EXERCISE INPUTS:
*****

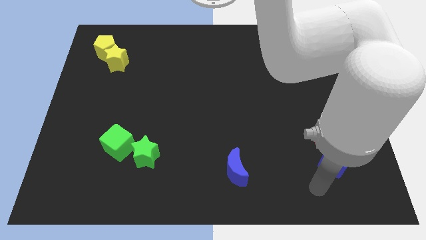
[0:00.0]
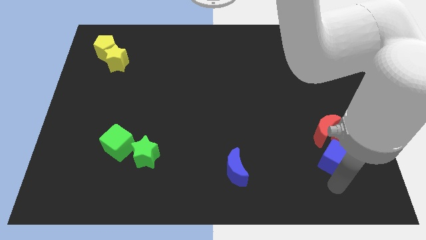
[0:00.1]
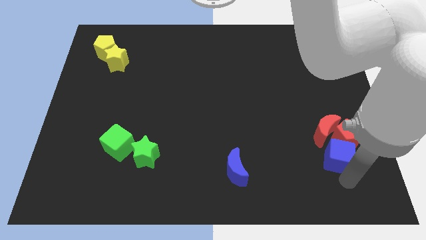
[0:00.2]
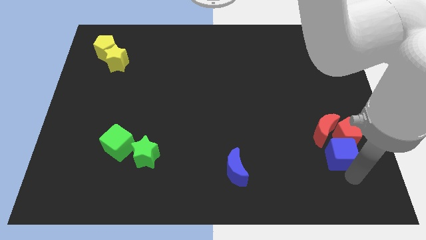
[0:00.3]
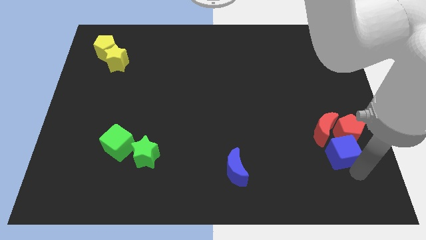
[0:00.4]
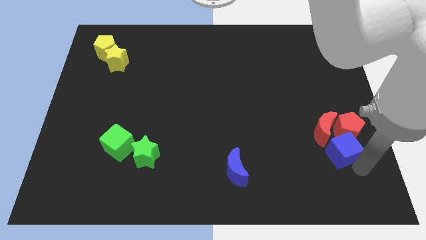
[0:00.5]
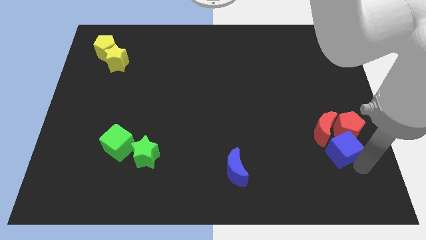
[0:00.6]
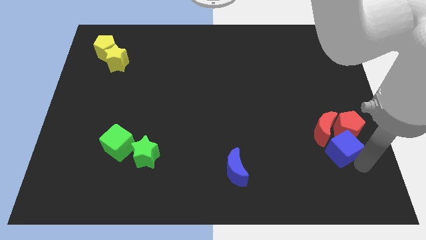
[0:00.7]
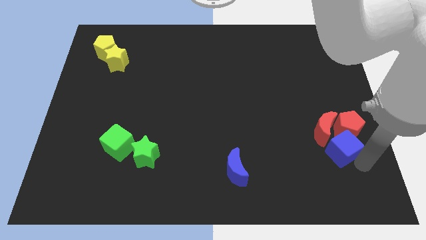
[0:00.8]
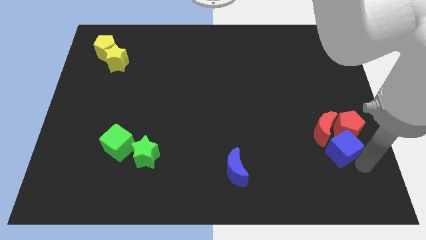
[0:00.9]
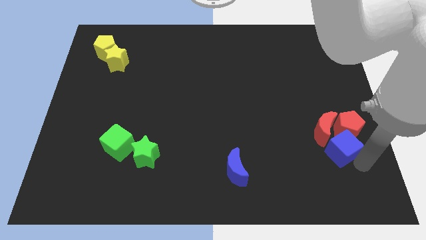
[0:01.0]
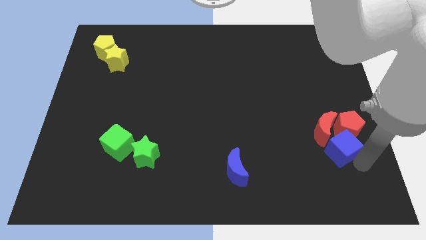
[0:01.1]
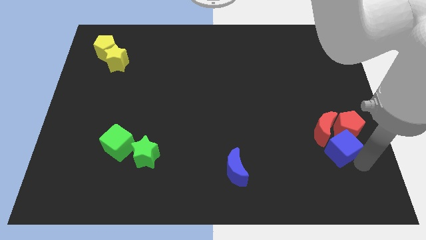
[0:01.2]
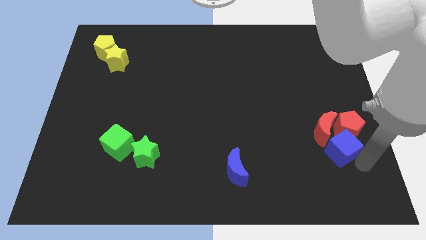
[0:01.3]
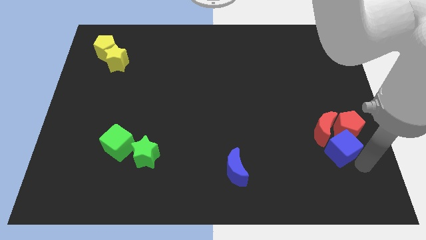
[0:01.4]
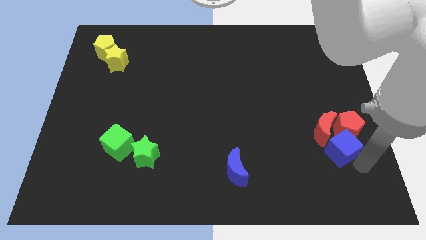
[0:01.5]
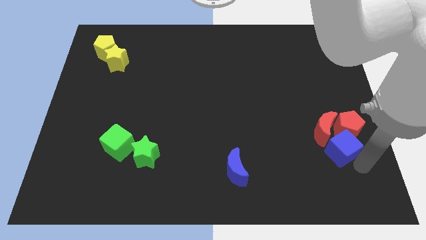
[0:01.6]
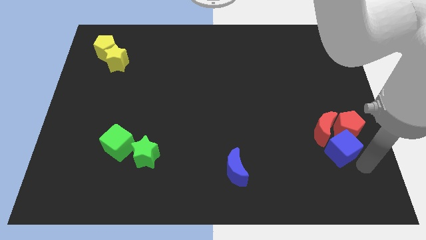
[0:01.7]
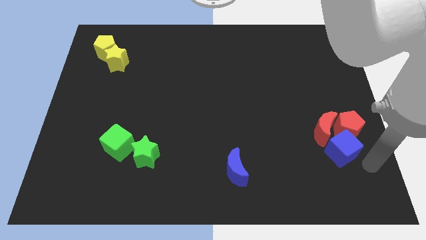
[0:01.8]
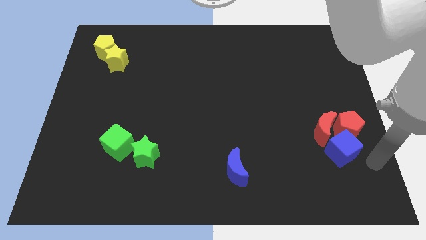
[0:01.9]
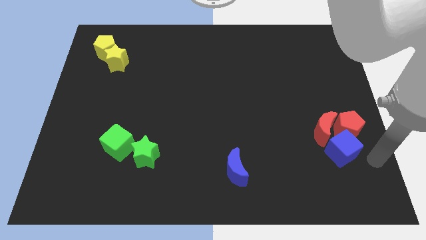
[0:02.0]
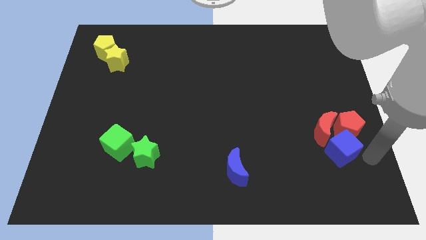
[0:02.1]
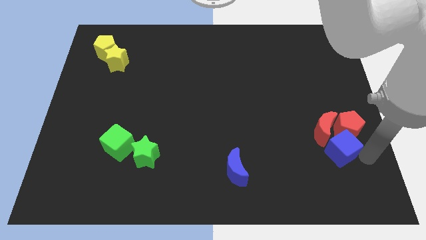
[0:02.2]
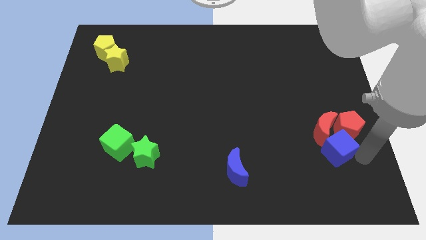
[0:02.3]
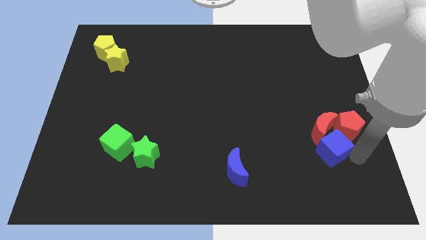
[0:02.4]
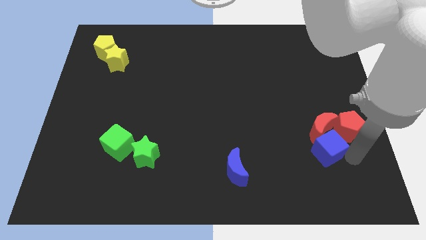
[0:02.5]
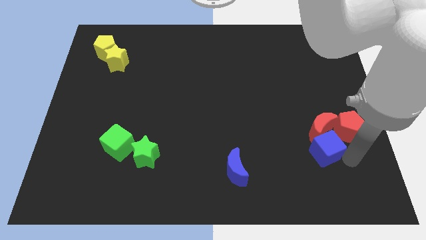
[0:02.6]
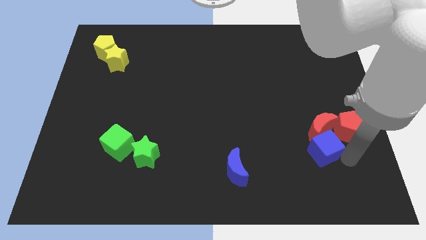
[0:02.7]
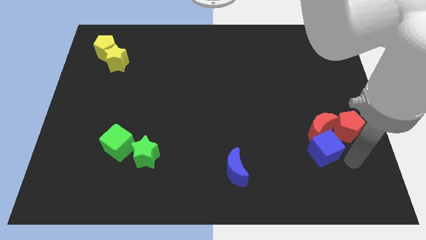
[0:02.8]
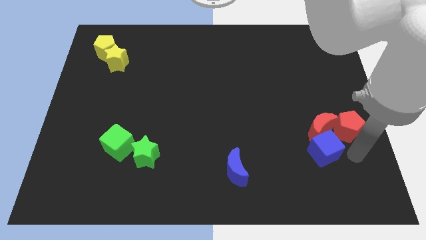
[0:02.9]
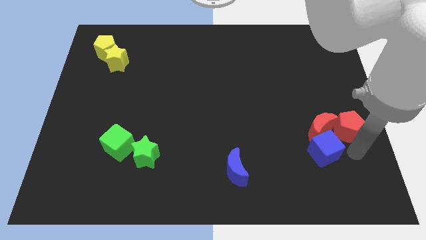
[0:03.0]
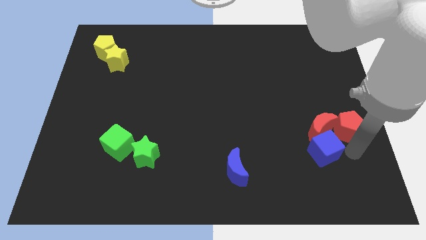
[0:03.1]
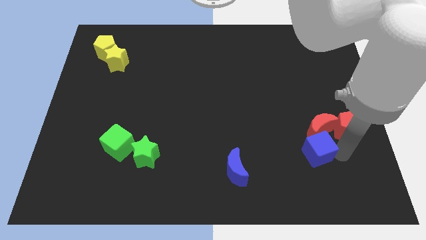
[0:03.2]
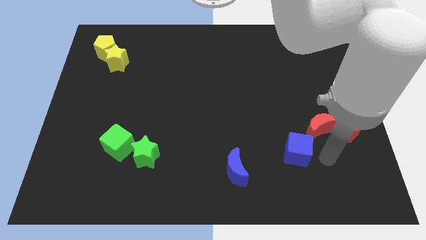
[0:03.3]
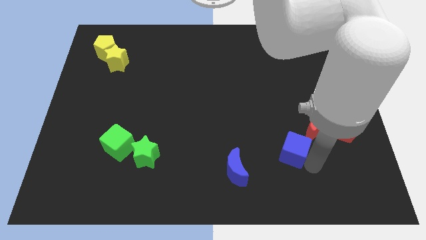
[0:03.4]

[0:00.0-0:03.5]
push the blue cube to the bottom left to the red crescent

*****

WHAT TO PRODUCE: Word for word, write out each line of the records, but leave the pictures behind.

RESPONSE TO THE EXERCISE:
[0:00.0]
[0:00.1]
[0:00.2]
[0:00.3]
[0:00.4]
[0:00.5]
[0:00.6]
[0:00.7]
[0:00.8]
[0:00.9]
[0:01.0]
[0:01.1]
[0:01.2]
[0:01.3]
[0:01.4]
[0:01.5]
[0:01.6]
[0:01.7]
[0:01.8]
[0:01.9]
[0:02.0]
[0:02.1]
[0:02.2]
[0:02.3]
[0:02.4]
[0:02.5]
[0:02.6]
[0:02.7]
[0:02.8]
[0:02.9]
[0:03.0]
[0:03.1]
[0:03.2]
[0:03.3]
[0:03.4]

[0:00.0-0:03.5]
push the blue cube to the bottom left to the red crescent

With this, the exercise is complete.